# The Equivalent Of Sum() For Multiplication In Python

To understand about the equivalent of sum() for multiplication in Python, let follow the article below.

## The equivalent of sum() for multiplicationin Python

Example:

myList = [ 1, 2, 3, 4 ]

Output:

24

Explanation of ideas: 1*2*3*4 = 24

To understand more about the equivalent of sum() for multiplication in Python, I have the following ways:

### Use the numpy.prod () function

Syntax:

numpy. prod ( a , axis = None , dtype = None , out = None , keepdims = <no value> , initial = <no value> , where = <no value> )

The numpy.prod () function will return the product of the elements of the iterable object.

Example:

• Import the numpy module.
• Initialize a list of integers.
• Use the numpy.prod() function to multiply the integers in the list.
import numpy

myList = [1, 2, 3, 4]

# Use the numpy.prod() to get the multiplications
result1 = numpy.prod(myList)

print('Multiplication result:', result1)

Output:

Multiplication result: 24

### Use the mul() function

Syntax:

mul(a,b)

Parameters:

• a, b: Two arguments passed to the function.

The mul() function will return the product of the multiplication of the two arguments passed to the function.

Example:

• Import the operator module.
• Initialize a list of integers.
• Use the mul() function to multiply the integers in the list.
from operator import*

myList = [1, 2, 3, 4]
result = 1

for i in myList:
# Use the mul() function of the operator module
result = mul(i, result)

print('Multiplication result:', result)

Output:

Multiplication result: 24

### Use the math.prod() function

Since Python version 3.8, the prod() function is included in the math module, you can use this function to calculate the product of the elements of an iterable object.

Syntax:

math.prod(iterable, start)

Parameters:

• iterable: Objects such as LIST, TUPLE, or SET need to produce the elements.
• start: Marks start to calculate elements. The parameter is not required.

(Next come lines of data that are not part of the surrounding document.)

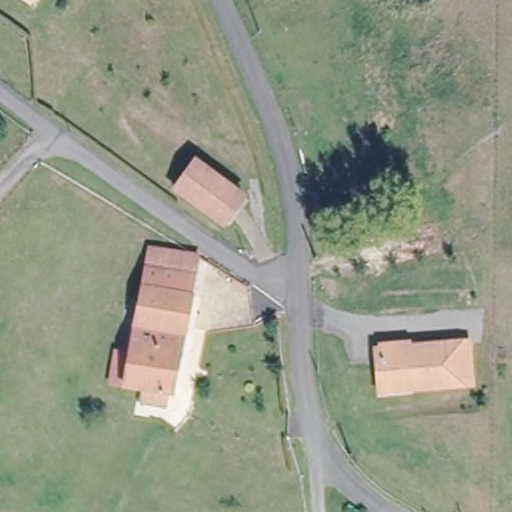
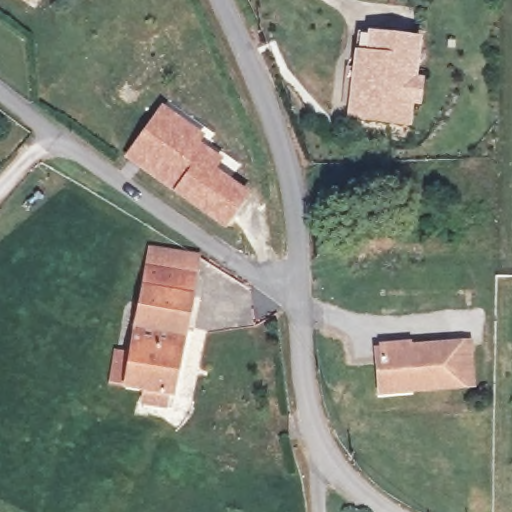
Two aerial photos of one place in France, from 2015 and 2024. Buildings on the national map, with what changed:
new [(366,47),(367,28),(422,34),(418,74),(424,74),(422,103),(413,103),(412,122),(348,116),(354,47),(366,47)]
new [(124,158),(161,104),(204,135),(200,141),(223,158),(216,169),(248,191),(243,197),(194,162),(173,192),(124,158)]
unchanged [(243,197),(222,227),(173,192),(194,162),(243,197)]
unchanged [(189,284),(142,276),(149,242),(195,250),(189,284)]
unchanged [(115,341),(129,344),(142,276),(189,284),(168,400),(142,395),(144,380),(123,376),(109,374),(115,341)]
demolished [(267,329),(270,354),(244,358),(240,333),(267,329)]
unchanged [(462,343),(466,343),(469,384),(464,385),(381,392),(377,350),(462,343)]

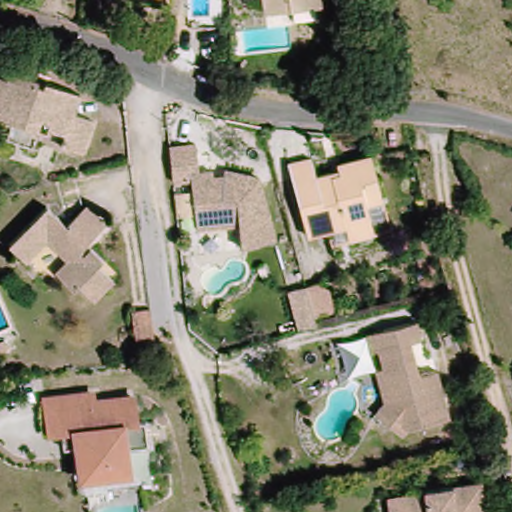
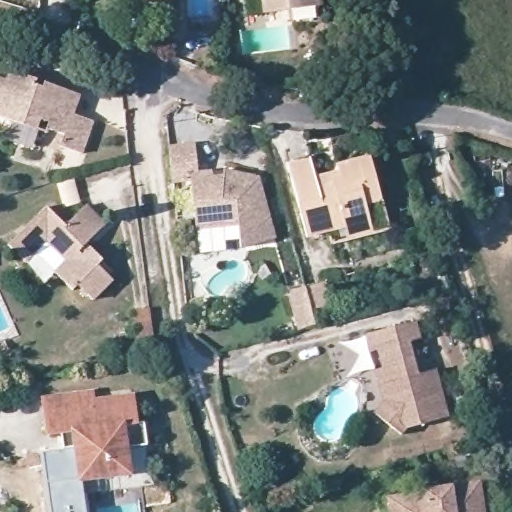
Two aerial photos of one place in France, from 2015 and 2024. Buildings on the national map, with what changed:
unchanged [(315,11),(265,17),(262,0),(318,0),(320,10),(315,11)]
unchanged [(94,120),(82,155),(61,147),(65,135),(47,129),(49,123),(41,120),(37,131),(0,118),(0,77),(8,80),(11,71),(37,80),(35,84),(43,86),(44,83),(79,95),(73,113),(94,120)]
unchanged [(169,150),(195,147),(198,176),(211,175),(212,185),(223,185),(224,174),(259,176),(275,237),(241,246),(238,228),(196,232),(191,183),(173,185),(169,150)]
unchanged [(332,231),(312,236),(293,164),(315,159),(321,180),(344,173),(342,165),(376,156),(388,200),(395,228),(379,232),(352,240),(336,244),(332,231)]
unchanged [(81,250),(84,254),(89,248),(102,261),(97,266),(112,280),(94,300),(79,285),(75,290),(55,271),(67,259),(48,240),(27,261),(11,245),(47,207),(67,227),(86,206),(105,225),(81,250)]
unchanged [(328,285),(329,291),(333,290),(340,315),(314,322),(305,290),(328,285)]
unchanged [(151,310),(155,350),(138,352),(133,312),(151,310)]
unchanged [(442,407),(444,416),(402,427),(396,435),(372,412),(383,400),(366,340),(364,332),(417,318),(419,325),(442,407)]
unchanged [(8,347),(0,351),(0,342),(5,340),(8,347)]
unchanged [(64,450),(62,435),(50,437),(46,401),(93,395),(95,403),(134,398),(137,425),(145,423),(148,446),(126,450),(129,473),(82,480),(78,448),(72,449),(64,450)]
new [(64,450),(72,449),(78,448),(82,480),(83,480),(106,476),(108,490),(84,493),(86,512),(48,512),(40,453),(64,450)]
unchanged [(485,512),(402,512),(400,500),(425,496),(423,483),(479,474),(481,486),(485,512)]
unchanged [(389,512),(386,490),(423,483),(425,496),(400,500),(402,512),(389,512)]

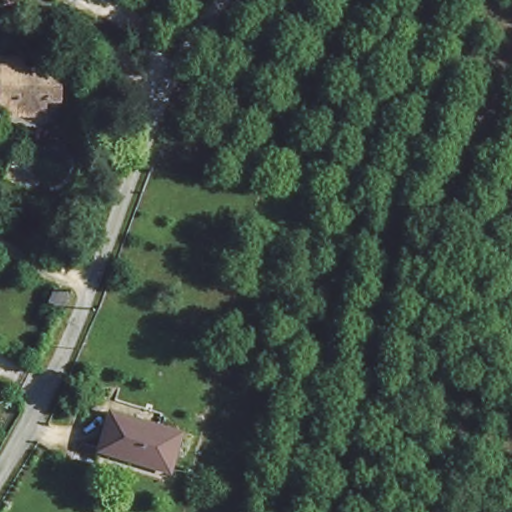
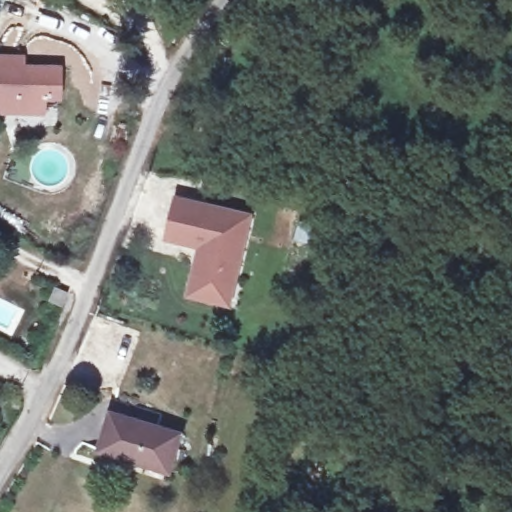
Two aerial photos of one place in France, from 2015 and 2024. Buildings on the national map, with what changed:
unchanged [(3,56),(2,65),(53,66),(52,95),(51,111),(34,111),(14,110),(0,110),(0,55),(3,56)]
new [(174,193),(254,212),(232,306),(187,296),(197,248),(163,240),(174,193)]
unchanged [(64,306),(52,301),(57,287),(69,290),(64,306)]
unchanged [(116,411),(184,433),(172,470),(104,448),(116,411)]

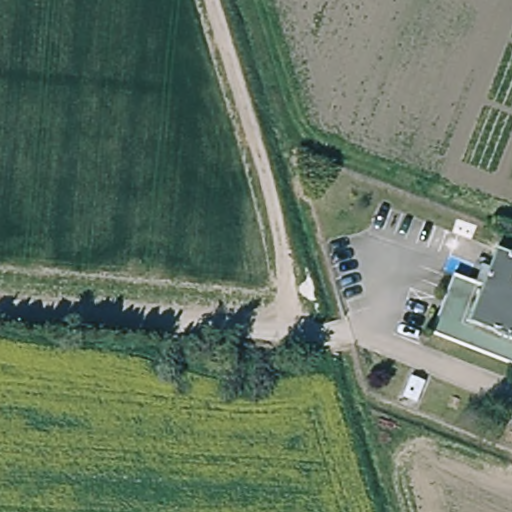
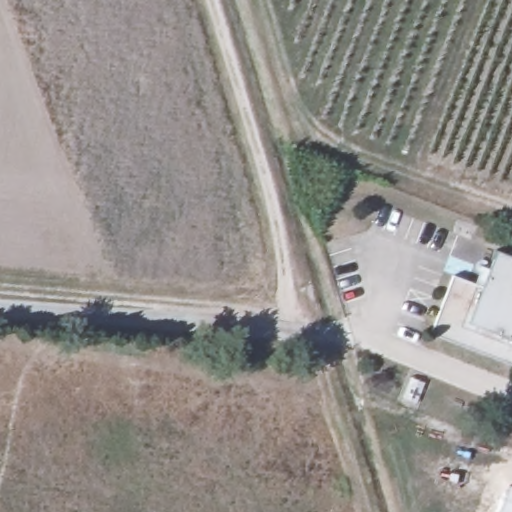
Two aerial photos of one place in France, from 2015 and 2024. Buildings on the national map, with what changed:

The math.prod() function will return the product of the elements of the iterable object.

Example:

• Import the numpy module.
• Initialize a list of integers.
• Use the math.prod() function to multiply the integers in the list.
import math

myList = [1, 2, 3, 4]

# Use the math.prod() to get the multiplications
result1 = math.prod(myList)

print('Multiplication result:', result1)

Output:

Multiplication result: 24

### Use traversal by index

Example:

def multiply(myList):
# Multiply elements one by one
result = 1
for i in range(0, len(myList)):
result = result * myList[i]
return result

myList = [1, 2, 3, 4]
print('Multiplication result:', multiply(myList))

Output:

Multiplication result: 24

In the example above, the multiply function calculates the elements of an iterable object: by implementing a for loop with the variable ‘result’ that stores the result after each element swap inside the iterable object.